Maxine’s bestie, the comic-book loving Clance (Gbemisola Ikumelo), is more than just the goofy sidekick. Clance’s love of superheroes certainly defies expectations, but it’s through Clance that we see the strict feminine ideals women of all races were held to in the 1940s. A newlywed who is doing her best to be the perfect housewife, she panics when she doesn’t think she can deliver the crabs for a crab boil she’s planned. While she does her best to get Maxine to behave like a lady, she’s clearly exasperated by her friend’s behavior.
Clance and Maxine are by far the most interesting part of the series. Ikumelo and Adams have delightful chemistry, and their plotlines don’t feel like retreads of stories that have already been told. Too many stories centered around Black Americans tend to focus on pure misery, so it’s refreshing to see a story focused on Black American joy.

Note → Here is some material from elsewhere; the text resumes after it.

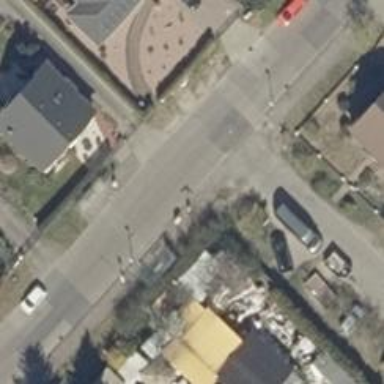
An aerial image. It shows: Public transport stop position.
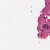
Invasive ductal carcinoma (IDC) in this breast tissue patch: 0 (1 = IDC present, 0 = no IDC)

One question that comes up and has yet to be addressed in the series is the idea of passing. It’s clear why Maxine was automatically dismissed, but it’s not clear why Esti, who doesn’t speak a word of English, was let onto the team. The logical guess would be that Esti “passes”: she looks white while Maxine doesn’t. Passing is a part of American history that is still largely unknown (thought it’s portrayed beautifully in the film Passing), and the series is a great place to explore what it means.
The other characters’ stories examine another marginalized group: the LGBTQ community. Two of the leading ladies engage in a relationship, and watching one of them, who is married, hesitate repeatedly is rather heart-wrenching. The way the other women refer to certain girls as “queer” in hushed tones serves as a reminder that being out and proud was not an option 80 years ago, and sadly, in some cases, it still isn’t.
Like the original film, A League of Their Own will make you cheer. It embodies the same upbeat spirit while proving that women can dream and do anything a man can do (and in this case, better).
A fun, heartfelt, and inclusive take on America’s favorite pastime, the new A League of Their Own series also offers up history lessons. Consider this one for your next cross-generational watch (16+).
Fans of the original film will appreciate the series’ irrefutable charm, and will want to share it with younger generations. Baseball fans will like all the baseball talk. History buffs — or the history-curious — will be interested in the series’s exploration of life for American women, particularly women of color, during World War II.
All-American Girls Professional Baseball League alum Maybelle Blair served as a consultant on the show, before she came out publicly at age 95 during the Tribeca Film Festival in June.
Also: You might be hard-pressed to actually find the new show on Amazon, as the title pulls up the original — with no sign of the new one. But here’s a direct link to the new series.
And this is actually the second attempt at a TV adaptation of A League of Their Own. The first attempt was a CBS sitcom that included many of the series’ original writers and director. Sadly, only three episodes of the series aired before it was canceled. Thanks to streaming, this one won’t be canceled mid-season.